Democrats claimed Republicans had "no right" to fill the Supreme Court vacancy before the 2020 U.S. elections and accused Republicans of stealing the Supreme Court majority. Presumably, permitting Biden to fill four new Supreme Court vacancies would tilt the current 6-3 Republican appointee majority (on a body that's supposed to be nonpartisan) back toward the Democrats.

During an interview on Fox News Friday, Cotton told host Harris Faulkner that Democrats are making a "power grab."

"The whole point is a Democratic power grab. The Democrats are angry they don't have a liberal majority on the Supreme Court and they want to add four justices — shockingly, the exact number they would need to get Democratic-appointed justices into a majority on the court," Cotton said.

"Now, they may not be able to pass this in the Congress right now in part because the Senate is evenly divided," he acknowledged. "But part of this is the Democrats trying to push the boundaries of what is possible so if they win larger majorities at some point in the future, they'll put more pressure on their colleagues to vote for this and ultimately to pack the court."

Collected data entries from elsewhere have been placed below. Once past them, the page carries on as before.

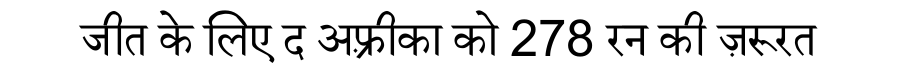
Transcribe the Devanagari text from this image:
जीत के लिए द अफ़्रीका को 278 रन की ज़रूरत
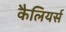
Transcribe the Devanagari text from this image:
कैलियर्स
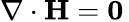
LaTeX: \nabla\cdot\mathbf{H}=\mathbf{0}\,
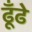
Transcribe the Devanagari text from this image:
ढूँढे
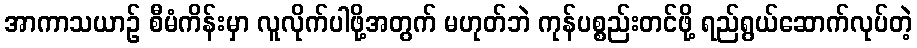
အာကာသယာဉ် စီမံကိန်းမှာ လူလိုက်ပါဖို့အတွက် မဟုတ်ဘဲ ကုန်ပစ္စည်းတင်ဖို့ ရည်ရွယ်ဆောက်လုပ်တဲ့
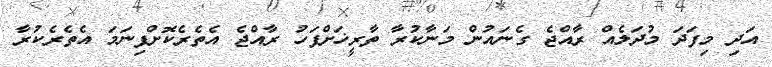
އަދި މިފަދަ މުދަލެއް ރާއްޖެ ގެނައުން މަނާކުރާ ތާރީޚަށްފަހު ރާއްޖެ އެތެރެކޮށްފިނަމަ އެތެރެކުރާ
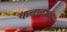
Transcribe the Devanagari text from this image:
कचावाही
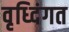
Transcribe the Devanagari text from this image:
वृध्दिंगत
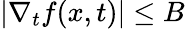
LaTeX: |\nabla_{t}f(x,t)|\leq B
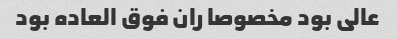
عالی بود مخصوصا ران فوق العاده بود
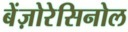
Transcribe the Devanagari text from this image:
बेंज़ोरेसिनोल
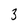
Character: 3
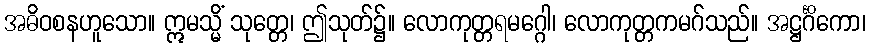
အဓိဝစနဟူသော။ ဣမသ္မိံ သုတ္တေ၊ ဤသုတ်၌။ လောကုတ္တရမဂ္ဂေါ၊ လောကုတ္တကမဂ်သည်။ အဋ္ဌင်္ဂိကော၊
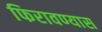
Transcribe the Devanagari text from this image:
फिरावण्यास
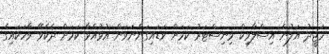
މަޖީދު އަލުން އިސްލާމިކް މިނިސްޓަރު ކަމަށް ވަޑައިގަންނަވަން އުޅުއްވާ ކަމަށް ދެކެވޭ ވާހަކައިގެ
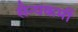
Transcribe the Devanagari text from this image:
सैन्यकर्मी
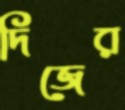
দিজের
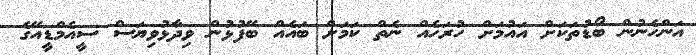
އަންހެނުން ބޯޑުތަކަށް އައުމަށް ހުރަހެއް ނެތް ކަމަށް ބައެއް ބޭފުޅުން ވިދާޅުވިޔަސް ސީއެމްޑީއޭގެ
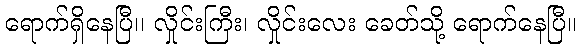
ရောက်ရှိနေပြီ၊၊ လှိုင်းကြီး၊ လှိုင်းလေး ခေတ်သို့ ရောက်နေပြီ။
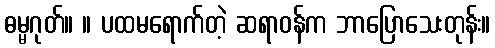
ဓမ္မဂုတ်။ ။ ပထမရောက်တဲ့ ဆရာဝန်က ဘာပြောသေးတုန်း။
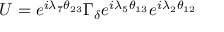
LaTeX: U = e ^ { i \lambda _ { 7 } \theta _ { 2 3 } } \Gamma _ { \delta } e ^ { i \lambda _ { 5 } \theta _ { 1 3 } } e ^ { i \lambda _ { 2 } \theta _ { 1 2 } }
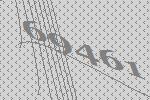
69461
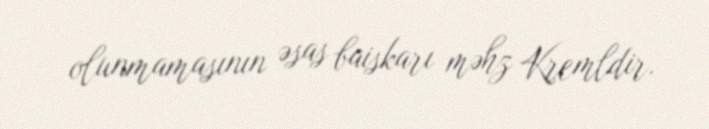
olunmamasının əsas baiskarı məhz Kremldir.
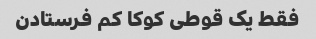
فقط یک قوطی کوکا کم فرستادن
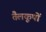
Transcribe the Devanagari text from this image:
तैलकूपों

Cotton cited Obama-era promises that illegal immigrants would not receive health care under the Affordable Care Act as an example of how the Overton window has shifted, pointing out how years later when Biden campaigned for president, most Democratic candidates supported government health care for illegal aliens.

"That's why it's so essential that we denounce it today as an illegitimate attack on the foundational principles of this country, the rule of law, and constitutional government," Cotton said of the effort to pack the court.

For now, the White House has declined to give its support to the congressional bill to expand the Supreme Court. White House press secretary Jen Psaki said Thursday that President Biden will wait for the report from the commission he established to study judiciary reform before coming to a decision about the size of the court or other reforms.

House Speaker Nancy Pelosi (D-Calif.) said earlier this week that she does not intend to bring Nadler's bill to a vote in the House.